▸ **WHAT THIS TASK INVOLVES**
Retype, word for word, every line starting at the line with "Identify this insect to species." and ending with the final line of the entries; skip the pictures.

▸ **DATA RECORDS**
______

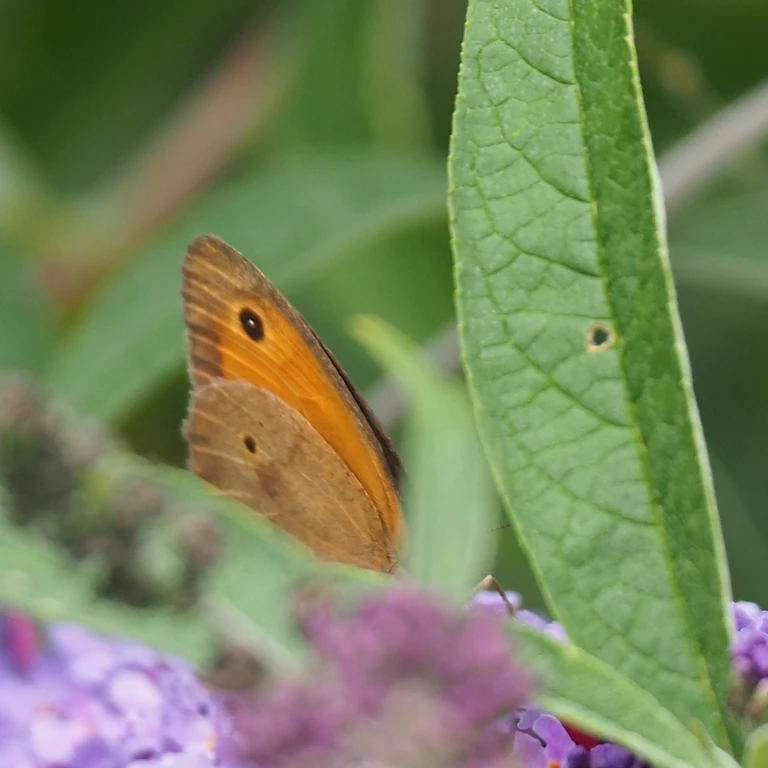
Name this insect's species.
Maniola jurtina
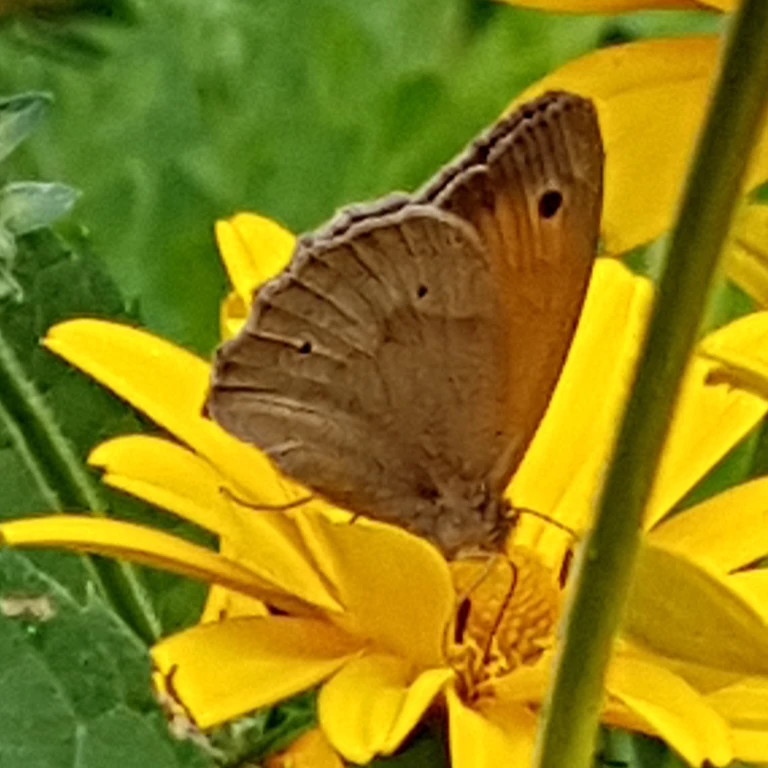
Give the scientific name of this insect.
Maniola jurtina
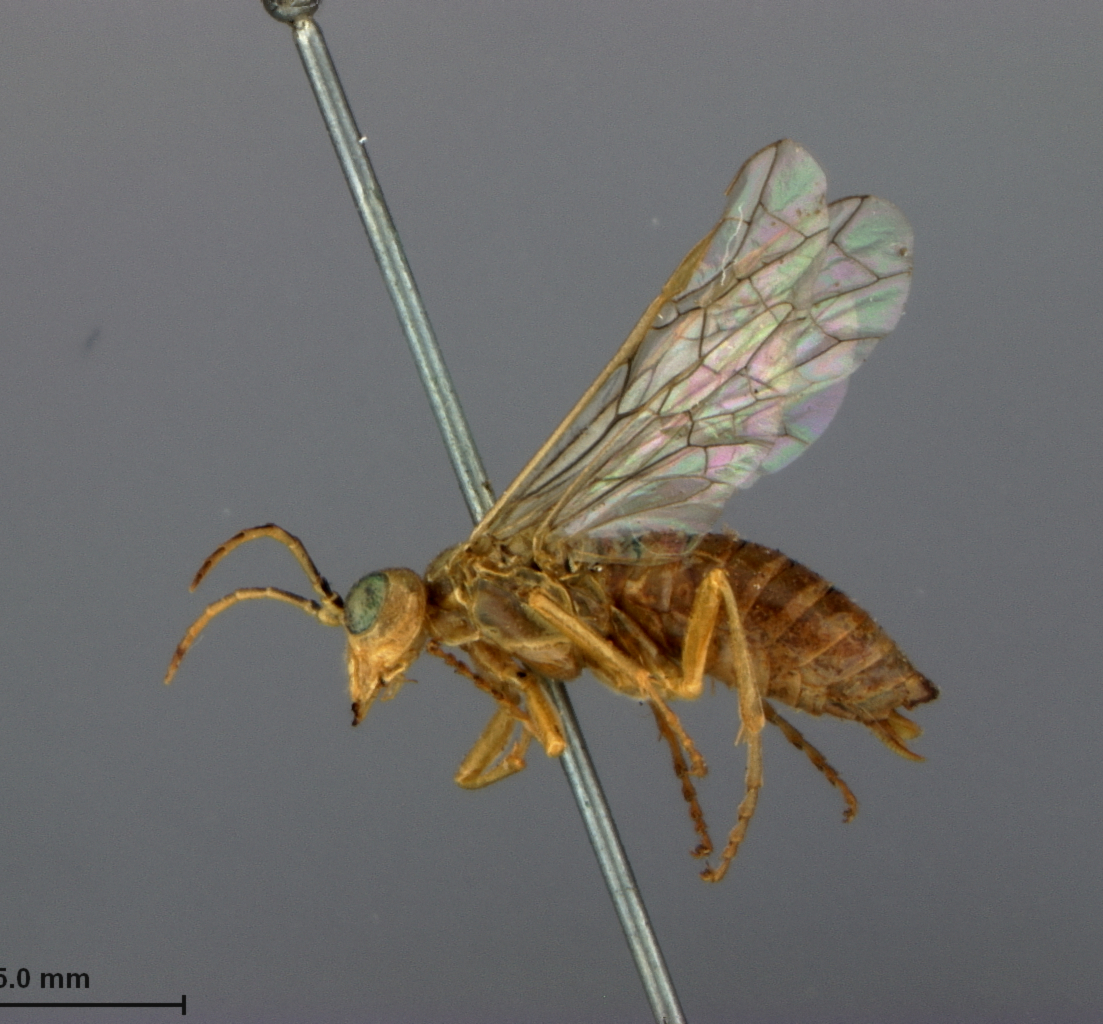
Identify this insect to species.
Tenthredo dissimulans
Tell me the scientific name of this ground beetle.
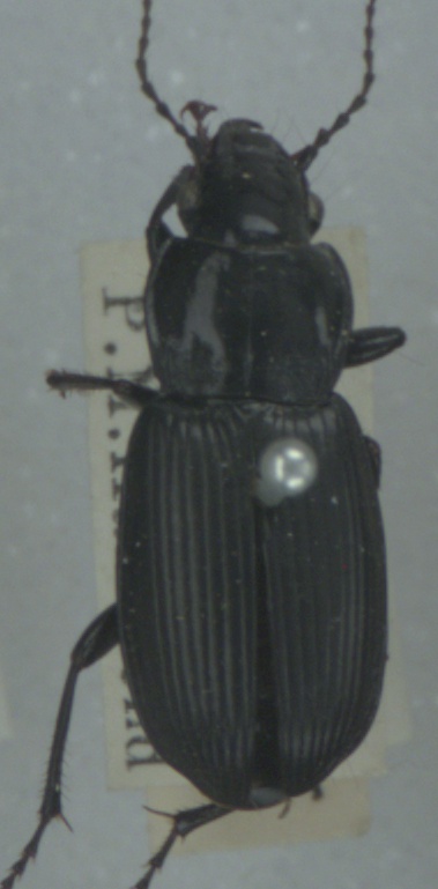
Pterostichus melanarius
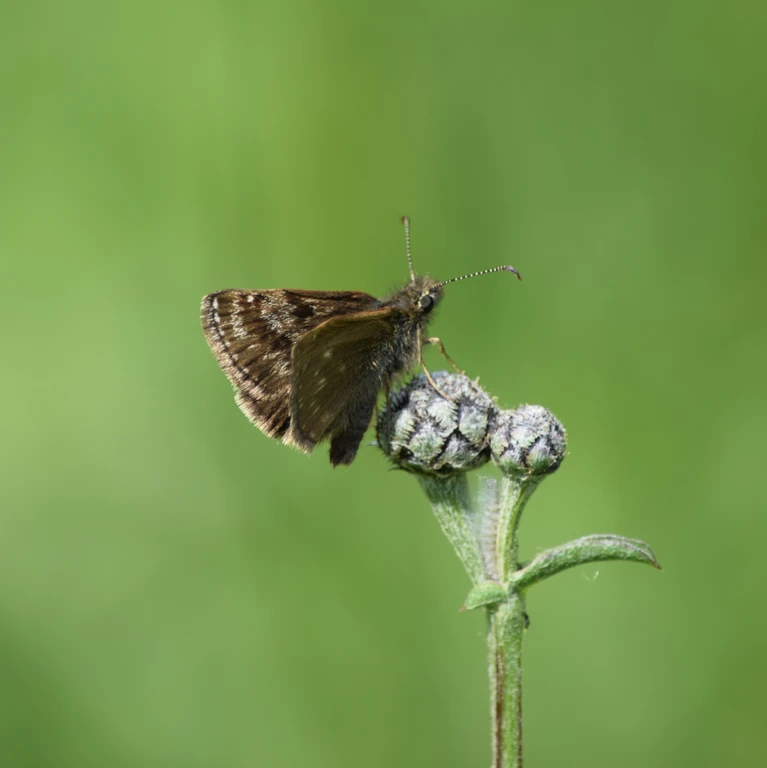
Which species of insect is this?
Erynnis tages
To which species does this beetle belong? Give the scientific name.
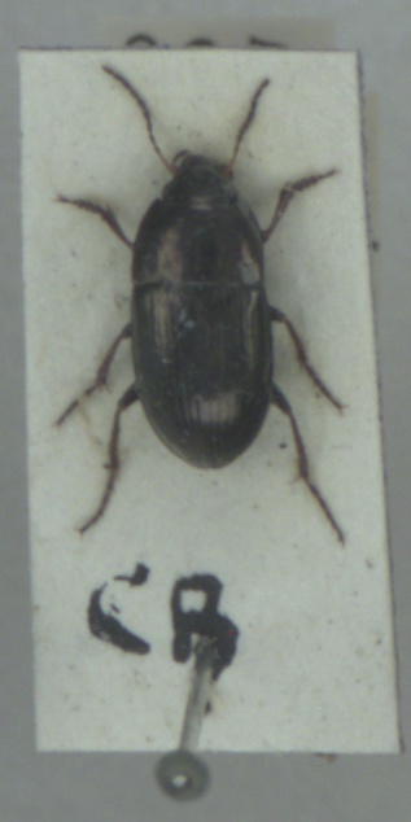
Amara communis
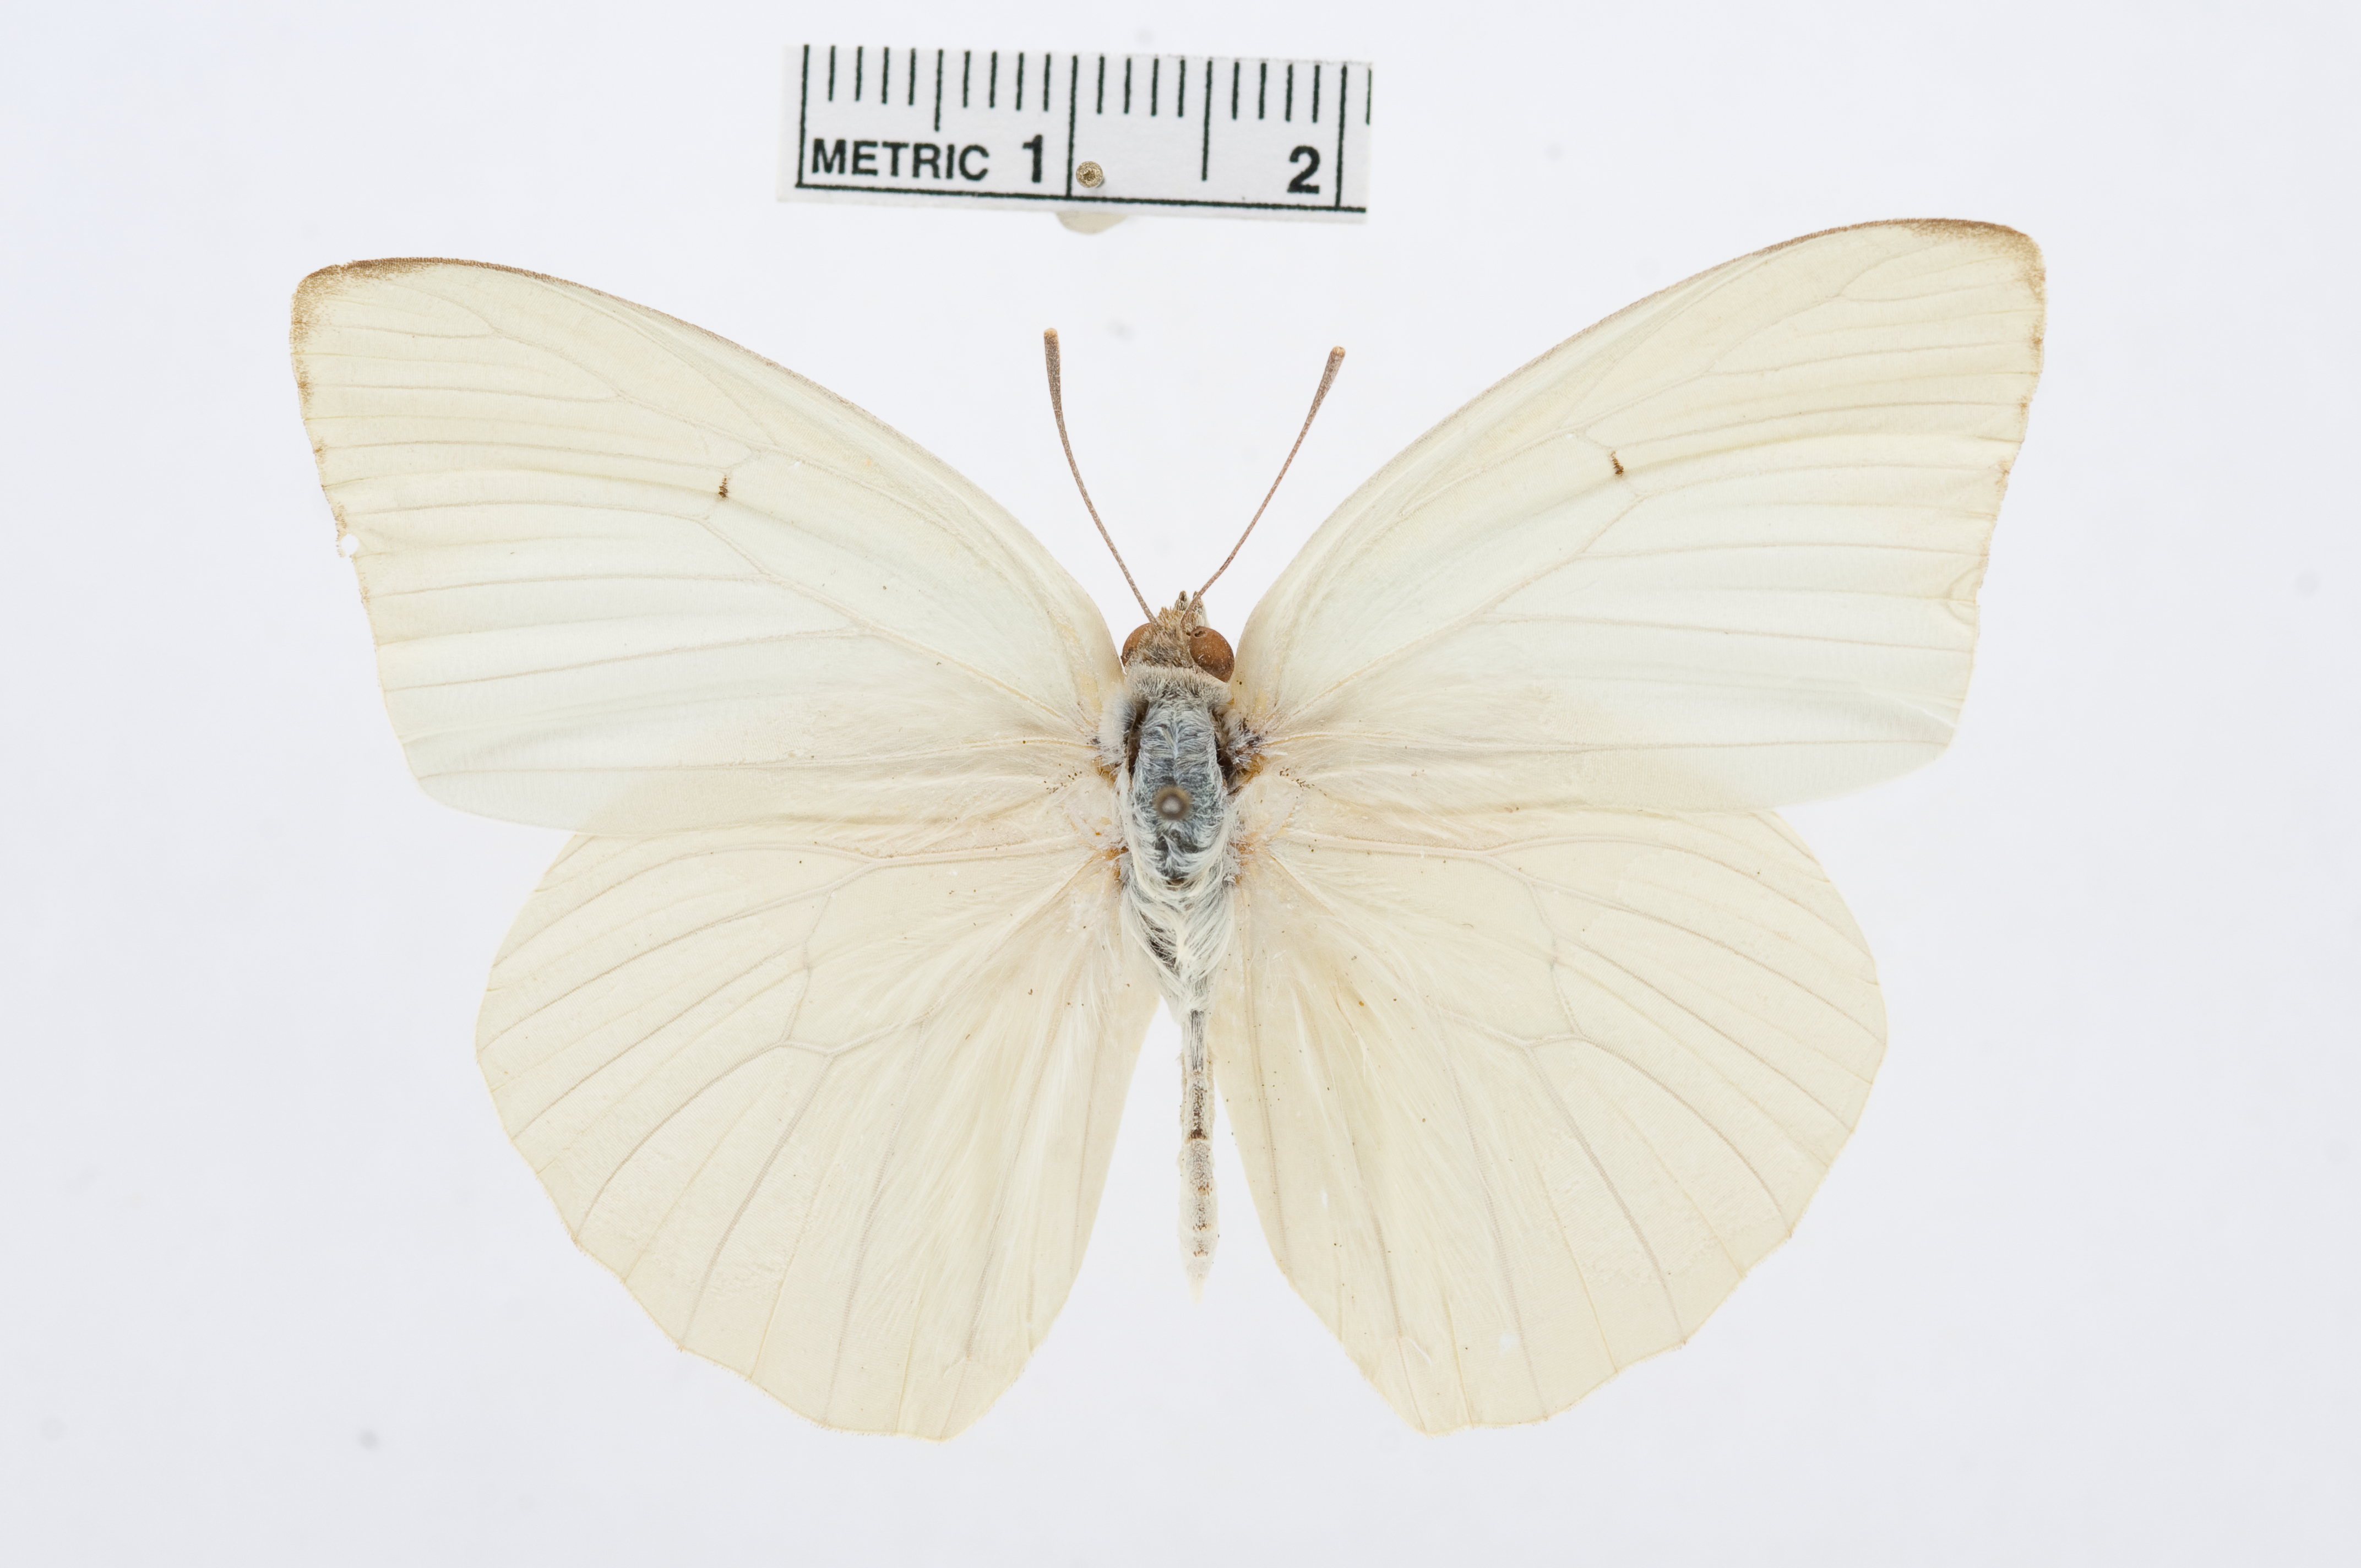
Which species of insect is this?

______

▸ **RESPONSE TO THE TASK**
Identify this insect to species.
Tenthredo dissimulans
Tell me the scientific name of this ground beetle.
Pterostichus melanarius
Which species of insect is this?
Erynnis tages
To which species does this beetle belong? Give the scientific name.
Amara communis
Which species of insect is this?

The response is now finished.